Smith is also concerned about a trend of increasing state programs at a time when revenues are increasingly in jeopardy. And he recalled hearing a recurring refrain while on the campaign trail last year — household budgets are getting tighter and more and more people are worried about being able to pay their property taxes.
“We know the feds are tightening the (purse) strings,” Smith said. “We will have to take a hard look at our programs and see if we can deliver them as efficiently as we can.”
Economic development and job growth are other priorities Smith pledged to bring to the Statehouse this month.
Rep. Paul Ralston, D-Middlebury, believes utility regulation and energy policy will be the legislative topics that will have the greatest impact for Vermont and Vermonters.
“We have never had the discussion in our state about how much more Vermonters are willing to pay for renewable energy and who should receive the financial benefit from that extra cost,” said Ralston, a member of the House Commerce Committee. “With the economy still in a precarious place, we need to seriously consider the effects of artificially escalating the cost of energy to Vermont homes and businesses.”
Ralston added that “as the balance of power shifts in the energy sector, we need to reform how Vermonters are represented in the regulatory process to ensure that all parties have access to the proceedings and can afford to be heard. There will be an attempt to challenge local and regional control of the energy planning process, and that is likely to be a very contentious issue. Folks in the Northeast Kingdom will be asking for a short moratorium on large-scale, ridge-top wind development while the impacts of the recently completed projects are assessed.”

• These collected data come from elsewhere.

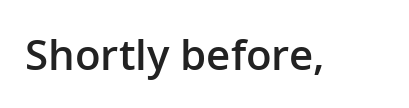
{"serif": "no", "italic": "no", "bold": "semi", "weight": "semibold", "width": "normal", "stroke_contrast": "low", "x_height": "medium", "monospaced": "no", "underline": "no", "letter_spacing": "normal", "letter_spacing_em": 0.0, "glyph_px": 42}
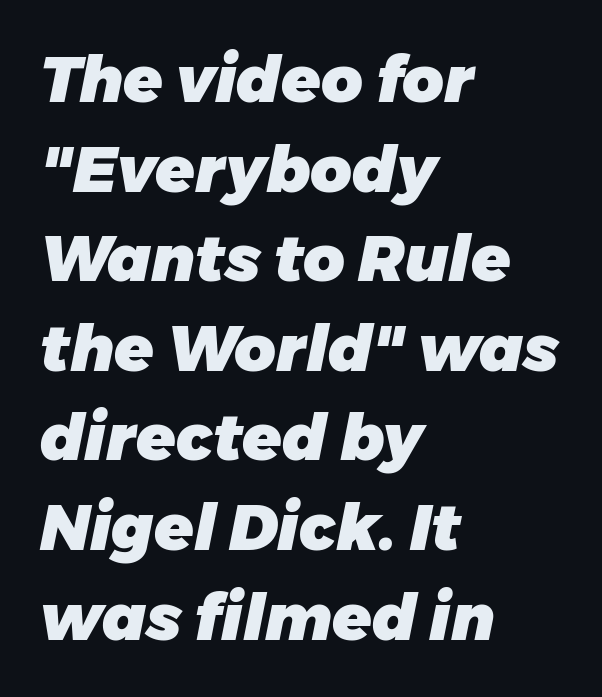
{"italic": "yes", "lean": "right", "slant_degrees": 11, "bold": "yes", "weight": "heavy", "width": "normal", "stroke_contrast": "low", "x_height": "medium", "monospaced": "no", "underline": "no", "align": "left", "line_spacing": "normal", "line_spacing_ratio": 1.4, "letter_spacing": "normal", "letter_spacing_em": 0.0, "glyph_px": 64}
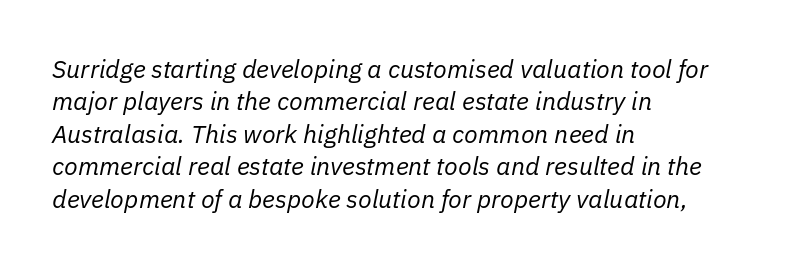
The image shows 25 px text type, italic (leaning right); set left-aligned, normal line spacing (1.3x), normal letter spacing, not underlined.
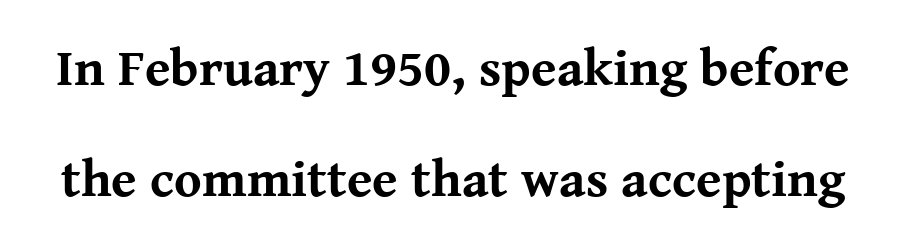
Q: Is the text bold? A: Yes.
Q: Is the text italic (slanted)? A: No, it is upright.
Q: Is the typeface a serif or a sans-serif typeface? A: Serif.
Q: Is the text underlined? A: No.
Q: Is the spacing between letters normal or unusually wide? A: Normal.
Q: Is the spacing between lines tight, normal or loose? A: Loose.
Q: Width (condensed, normal, or wide)? A: Normal.
Q: Stroke contrast? A: Medium.
Q: x-height? A: Medium.
Q: Monospaced? A: No.
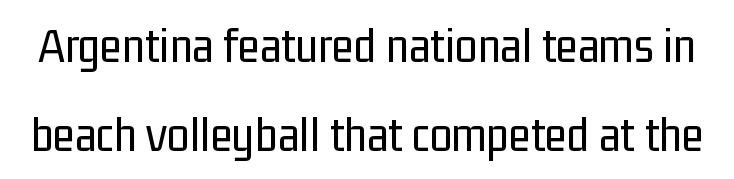
{"serif": "no", "italic": "no", "bold": "no", "weight": "regular", "width": "condensed", "stroke_contrast": "low", "x_height": "medium", "monospaced": "no", "underline": "no", "line_spacing_ratio": 1.75, "letter_spacing": "normal", "letter_spacing_em": 0.0, "glyph_px": 51}
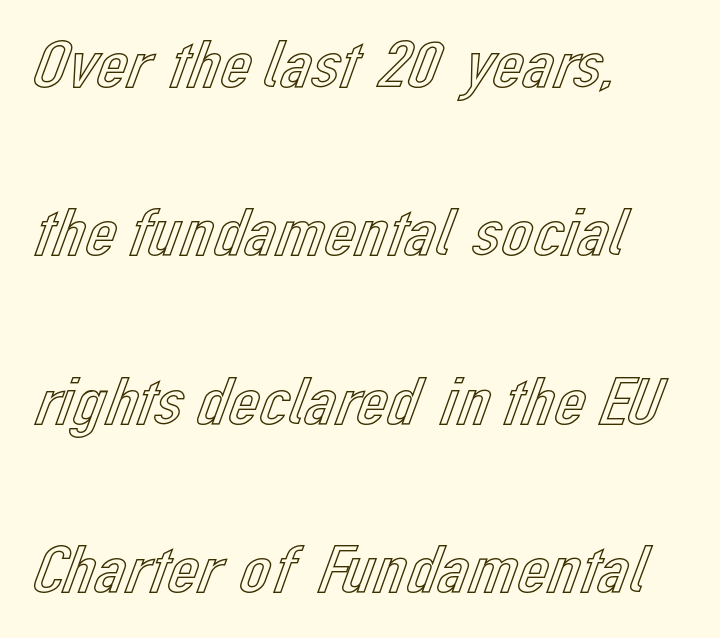
Q: Is the text italic (slanted)? A: Yes.
Q: Is the text underlined? A: No.
Q: How is the paragraph aligned? A: Left-aligned.
Q: Is the spacing between letters normal or unusually wide? A: Normal.
Q: Is the spacing between lines tight, normal or loose? A: Loose.
Q: Width (condensed, normal, or wide)? A: Normal.
Q: x-height? A: Medium.
Q: Monospaced? A: No.

Vermont, according to Ralston, has an opportunity to grow in another energy segment — the technology of smart grid management.

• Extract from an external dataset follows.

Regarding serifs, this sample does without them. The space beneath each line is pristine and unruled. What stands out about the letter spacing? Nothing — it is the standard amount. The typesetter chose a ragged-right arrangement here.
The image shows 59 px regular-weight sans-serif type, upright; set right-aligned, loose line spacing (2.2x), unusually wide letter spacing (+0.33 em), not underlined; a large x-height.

“Vermont doesn’t have the geographic resources to support enough utility-scale electric generations, but Vermont can and should become a center for emerging energy technology,” Ralston said. “There is a major economic development opportunity in these technologies and pursuing them will not compromise our wild places. Just as efficiency is the cheapest electricity, efficient management of electrical systems can profit producers and consumers alike.”
Rep. Betty Nuovo, D-Middlebury, will be returning for her 27th year as a state representative. She hopes to again be assigned to the House Natural Resources and Energy Committee. There, she plans to ask for a progress report on all of the state’s energy and recycling programs and make some changes, if necessary.
Nuovo said health care reform would likely be the biggest issue the Legislature will tackle this year, and perhaps during the next few years.
“It’s a process that needs to be done one step at a time,” Nuovo said.
Nuovo wants the Legislature to take more steps to prevent the abuse and misuse of prescription drugs. She will also file a bill at the request of local law enforcement to set up a licensing requirement for caretakers of the elderly. The initiative, Nuovo said, is being driven by reports of some caretakers taking financial advantage of their senior charges.